━━ Available data ━━

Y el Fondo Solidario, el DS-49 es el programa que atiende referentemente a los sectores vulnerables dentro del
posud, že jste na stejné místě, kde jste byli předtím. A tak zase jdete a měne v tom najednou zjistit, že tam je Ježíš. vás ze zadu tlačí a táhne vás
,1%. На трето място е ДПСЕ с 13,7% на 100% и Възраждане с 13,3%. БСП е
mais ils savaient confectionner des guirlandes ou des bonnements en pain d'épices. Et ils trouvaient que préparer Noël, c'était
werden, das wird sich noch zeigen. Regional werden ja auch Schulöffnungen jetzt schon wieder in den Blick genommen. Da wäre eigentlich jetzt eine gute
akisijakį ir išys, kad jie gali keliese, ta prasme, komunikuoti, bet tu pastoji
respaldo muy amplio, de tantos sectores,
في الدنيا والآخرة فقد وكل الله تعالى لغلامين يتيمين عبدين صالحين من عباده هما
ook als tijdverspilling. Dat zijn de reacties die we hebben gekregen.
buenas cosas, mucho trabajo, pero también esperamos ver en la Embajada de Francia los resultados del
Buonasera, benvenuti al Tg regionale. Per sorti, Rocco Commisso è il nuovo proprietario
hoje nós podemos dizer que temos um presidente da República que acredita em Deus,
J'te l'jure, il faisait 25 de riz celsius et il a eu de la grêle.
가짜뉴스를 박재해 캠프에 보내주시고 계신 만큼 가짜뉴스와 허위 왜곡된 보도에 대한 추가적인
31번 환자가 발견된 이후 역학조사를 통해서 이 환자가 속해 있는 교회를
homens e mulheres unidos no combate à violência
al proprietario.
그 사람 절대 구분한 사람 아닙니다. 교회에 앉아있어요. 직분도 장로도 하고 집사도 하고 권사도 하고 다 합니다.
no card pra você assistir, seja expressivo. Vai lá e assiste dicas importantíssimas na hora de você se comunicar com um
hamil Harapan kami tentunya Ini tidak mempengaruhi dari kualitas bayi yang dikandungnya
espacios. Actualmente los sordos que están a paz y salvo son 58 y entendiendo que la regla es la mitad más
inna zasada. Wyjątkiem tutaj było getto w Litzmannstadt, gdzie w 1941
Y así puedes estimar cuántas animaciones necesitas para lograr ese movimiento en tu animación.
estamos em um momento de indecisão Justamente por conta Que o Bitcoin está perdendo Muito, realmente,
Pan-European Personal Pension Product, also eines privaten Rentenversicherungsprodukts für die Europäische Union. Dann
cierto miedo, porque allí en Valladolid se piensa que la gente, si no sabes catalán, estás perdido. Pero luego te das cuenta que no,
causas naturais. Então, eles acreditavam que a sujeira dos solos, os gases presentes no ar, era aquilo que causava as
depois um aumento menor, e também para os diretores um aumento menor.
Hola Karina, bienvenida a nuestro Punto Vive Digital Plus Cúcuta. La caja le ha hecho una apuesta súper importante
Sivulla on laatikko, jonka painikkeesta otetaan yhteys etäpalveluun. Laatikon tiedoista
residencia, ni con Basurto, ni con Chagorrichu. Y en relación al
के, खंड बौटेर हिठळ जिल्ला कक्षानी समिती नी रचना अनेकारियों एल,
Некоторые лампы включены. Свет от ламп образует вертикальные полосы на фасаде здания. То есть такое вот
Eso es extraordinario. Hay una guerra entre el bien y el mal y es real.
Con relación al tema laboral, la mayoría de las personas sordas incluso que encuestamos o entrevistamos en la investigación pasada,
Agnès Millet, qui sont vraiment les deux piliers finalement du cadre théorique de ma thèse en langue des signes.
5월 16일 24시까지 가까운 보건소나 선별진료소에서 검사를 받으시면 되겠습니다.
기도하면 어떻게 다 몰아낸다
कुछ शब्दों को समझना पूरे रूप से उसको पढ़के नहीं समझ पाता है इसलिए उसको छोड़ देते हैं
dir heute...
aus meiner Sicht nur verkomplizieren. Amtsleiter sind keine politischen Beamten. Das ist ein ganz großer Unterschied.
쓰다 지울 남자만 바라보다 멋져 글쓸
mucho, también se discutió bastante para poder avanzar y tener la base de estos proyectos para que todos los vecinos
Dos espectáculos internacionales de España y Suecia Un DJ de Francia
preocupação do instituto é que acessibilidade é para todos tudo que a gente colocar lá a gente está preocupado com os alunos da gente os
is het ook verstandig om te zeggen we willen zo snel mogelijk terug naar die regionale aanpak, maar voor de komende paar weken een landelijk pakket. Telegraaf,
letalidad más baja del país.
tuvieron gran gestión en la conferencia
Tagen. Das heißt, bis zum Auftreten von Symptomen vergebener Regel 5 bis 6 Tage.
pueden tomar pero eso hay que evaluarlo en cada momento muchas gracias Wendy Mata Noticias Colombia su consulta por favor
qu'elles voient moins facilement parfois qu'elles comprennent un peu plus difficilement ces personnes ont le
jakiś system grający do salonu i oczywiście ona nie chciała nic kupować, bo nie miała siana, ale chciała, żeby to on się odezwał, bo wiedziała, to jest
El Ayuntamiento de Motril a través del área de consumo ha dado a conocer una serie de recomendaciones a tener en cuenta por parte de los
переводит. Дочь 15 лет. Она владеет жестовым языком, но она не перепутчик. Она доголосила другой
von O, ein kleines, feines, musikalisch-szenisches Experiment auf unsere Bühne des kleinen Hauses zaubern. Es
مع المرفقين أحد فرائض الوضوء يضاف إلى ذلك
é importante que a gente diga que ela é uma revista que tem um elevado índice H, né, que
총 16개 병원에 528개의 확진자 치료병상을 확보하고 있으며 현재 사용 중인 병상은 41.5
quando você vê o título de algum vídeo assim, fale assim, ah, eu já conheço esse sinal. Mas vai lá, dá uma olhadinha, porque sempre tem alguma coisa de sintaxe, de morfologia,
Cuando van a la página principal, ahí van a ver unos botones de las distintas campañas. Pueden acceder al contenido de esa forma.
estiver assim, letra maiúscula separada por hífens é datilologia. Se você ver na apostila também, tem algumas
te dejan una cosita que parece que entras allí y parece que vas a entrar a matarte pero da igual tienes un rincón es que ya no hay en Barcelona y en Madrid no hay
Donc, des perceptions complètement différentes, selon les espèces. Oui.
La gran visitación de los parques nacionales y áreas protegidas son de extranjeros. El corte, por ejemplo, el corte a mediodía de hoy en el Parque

━━━

Work to complete
Within the entries above, find the string "tener" and return each line that holds it.

The completed task
mucho, también se discutió bastante para poder avanzar y tener la base de estos proyectos para que todos los vecinos
El Ayuntamiento de Motril a través del área de consumo ha dado a conocer una serie de recomendaciones a tener en cuenta por parte de los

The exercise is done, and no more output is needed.